BACKGROUND: Heart failure (HF) often accompanies chronic kidney disease (CKD) in the elderly. This clinical condition is a critical socio-medical issue, because high-dose diuretic therapy stimulates the renin-angiotensin-aldosterone axis and sympathetic nervous system outflow, and may thus result in vicious cycles of cardio-renal deterioration, leading to excess hospitalization and death. Peritoneal dialysis (PD) is a renal replacement therapy used for maintenance dialysis, and is characterized by the continuous removal of fluid. The present study examined the clinical feasibility and effects of a novel style of PD for elderly CKD patients with refractory HF.
METHODS: Twelve elderly CKD patients (stages 3-5) with refractory HF [New York Heart Association (NYHA) class III, n=9; IV, n=3; mean age, 81+/-6 years] received PD treatment. Patients had episodes of >3 hospitalizations in the previous year, and were initially treated with < or =19 sessions of sequential hemofiltration, followed by incremental PD, with 3 PD sessions/week (8h each) at the start, increasing in frequency and dwelling time as clinically indicated.
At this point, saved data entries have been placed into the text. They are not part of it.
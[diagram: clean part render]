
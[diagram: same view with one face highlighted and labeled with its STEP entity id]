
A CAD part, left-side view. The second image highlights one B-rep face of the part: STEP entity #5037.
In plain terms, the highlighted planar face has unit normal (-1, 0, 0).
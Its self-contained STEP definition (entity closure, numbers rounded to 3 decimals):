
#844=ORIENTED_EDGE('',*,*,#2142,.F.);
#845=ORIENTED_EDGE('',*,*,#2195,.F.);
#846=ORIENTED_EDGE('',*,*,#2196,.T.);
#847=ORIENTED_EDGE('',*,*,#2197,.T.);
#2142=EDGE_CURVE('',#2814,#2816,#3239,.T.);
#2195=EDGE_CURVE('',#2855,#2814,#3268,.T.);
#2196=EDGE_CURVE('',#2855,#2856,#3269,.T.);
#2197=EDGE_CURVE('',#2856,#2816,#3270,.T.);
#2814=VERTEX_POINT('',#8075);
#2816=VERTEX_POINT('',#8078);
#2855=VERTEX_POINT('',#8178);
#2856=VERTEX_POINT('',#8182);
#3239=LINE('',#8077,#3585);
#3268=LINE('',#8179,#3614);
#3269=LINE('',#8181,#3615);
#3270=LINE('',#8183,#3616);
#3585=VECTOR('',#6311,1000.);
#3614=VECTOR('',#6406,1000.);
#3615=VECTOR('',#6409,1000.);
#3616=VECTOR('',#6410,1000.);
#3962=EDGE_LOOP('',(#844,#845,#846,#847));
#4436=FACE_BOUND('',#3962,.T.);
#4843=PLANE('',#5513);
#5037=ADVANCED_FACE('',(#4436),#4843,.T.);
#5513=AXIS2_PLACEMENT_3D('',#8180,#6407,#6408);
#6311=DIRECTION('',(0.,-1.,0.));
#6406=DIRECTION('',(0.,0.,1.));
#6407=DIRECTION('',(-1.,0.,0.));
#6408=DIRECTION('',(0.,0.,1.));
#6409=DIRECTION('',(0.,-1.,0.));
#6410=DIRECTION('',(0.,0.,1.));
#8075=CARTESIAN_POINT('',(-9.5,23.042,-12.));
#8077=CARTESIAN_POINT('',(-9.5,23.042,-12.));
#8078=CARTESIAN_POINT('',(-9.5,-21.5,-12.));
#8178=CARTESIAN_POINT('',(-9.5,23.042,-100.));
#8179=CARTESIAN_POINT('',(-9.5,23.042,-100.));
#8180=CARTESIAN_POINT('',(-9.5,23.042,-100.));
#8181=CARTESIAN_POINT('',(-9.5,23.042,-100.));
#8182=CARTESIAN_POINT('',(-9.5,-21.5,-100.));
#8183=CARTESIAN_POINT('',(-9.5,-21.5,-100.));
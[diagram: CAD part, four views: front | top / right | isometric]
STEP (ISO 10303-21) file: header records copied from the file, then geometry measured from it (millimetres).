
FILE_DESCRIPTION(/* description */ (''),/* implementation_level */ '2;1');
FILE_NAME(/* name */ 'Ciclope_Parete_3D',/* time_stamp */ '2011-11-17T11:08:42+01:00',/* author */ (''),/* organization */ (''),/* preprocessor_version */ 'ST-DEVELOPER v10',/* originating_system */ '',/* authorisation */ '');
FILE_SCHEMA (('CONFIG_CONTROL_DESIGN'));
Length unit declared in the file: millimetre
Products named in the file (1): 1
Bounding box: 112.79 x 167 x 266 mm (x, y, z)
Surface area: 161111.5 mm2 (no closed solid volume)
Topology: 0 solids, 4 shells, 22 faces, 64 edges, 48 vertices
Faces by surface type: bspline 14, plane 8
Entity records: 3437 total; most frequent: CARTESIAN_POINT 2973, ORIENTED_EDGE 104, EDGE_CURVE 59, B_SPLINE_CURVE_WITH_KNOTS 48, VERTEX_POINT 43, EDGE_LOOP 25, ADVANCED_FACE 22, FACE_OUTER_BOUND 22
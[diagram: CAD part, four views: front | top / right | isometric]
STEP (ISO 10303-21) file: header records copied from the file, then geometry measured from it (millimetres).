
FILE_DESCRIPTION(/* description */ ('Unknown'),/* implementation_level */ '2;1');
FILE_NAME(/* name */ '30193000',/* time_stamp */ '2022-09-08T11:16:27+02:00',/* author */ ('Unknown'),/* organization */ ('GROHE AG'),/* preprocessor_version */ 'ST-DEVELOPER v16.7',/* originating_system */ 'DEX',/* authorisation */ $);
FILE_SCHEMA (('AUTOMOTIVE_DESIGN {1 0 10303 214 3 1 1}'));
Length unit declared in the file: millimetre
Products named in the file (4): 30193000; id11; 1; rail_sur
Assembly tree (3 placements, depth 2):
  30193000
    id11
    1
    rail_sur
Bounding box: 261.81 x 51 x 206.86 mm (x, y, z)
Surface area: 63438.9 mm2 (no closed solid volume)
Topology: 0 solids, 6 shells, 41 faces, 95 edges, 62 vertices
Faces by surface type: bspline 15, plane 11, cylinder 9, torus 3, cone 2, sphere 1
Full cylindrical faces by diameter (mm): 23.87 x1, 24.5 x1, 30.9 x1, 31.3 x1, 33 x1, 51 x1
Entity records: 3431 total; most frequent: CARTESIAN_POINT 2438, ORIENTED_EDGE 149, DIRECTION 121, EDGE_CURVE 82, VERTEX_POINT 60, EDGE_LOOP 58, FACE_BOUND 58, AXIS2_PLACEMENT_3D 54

RESULTS: During follow-up (median, 26.5 months), PD was well tolerated by all patients, and no patients required hospitalization for HF. Three patients died due to non-HF-related events. All patients showed improvements in NYHA functional class (class I, n=9; class II, n=3) and significant decreases in the dose of diuretics prescribed (P<0.05). Kidney function stabilized, while significant improvements in end-diastolic left ventricular diameter (-5%, P<0.05) and hemoglobin count (+15%, P<0.05) were achieved. Brain natriuretic peptide (-46%) and aldosterone (-13%) levels tended to decrease.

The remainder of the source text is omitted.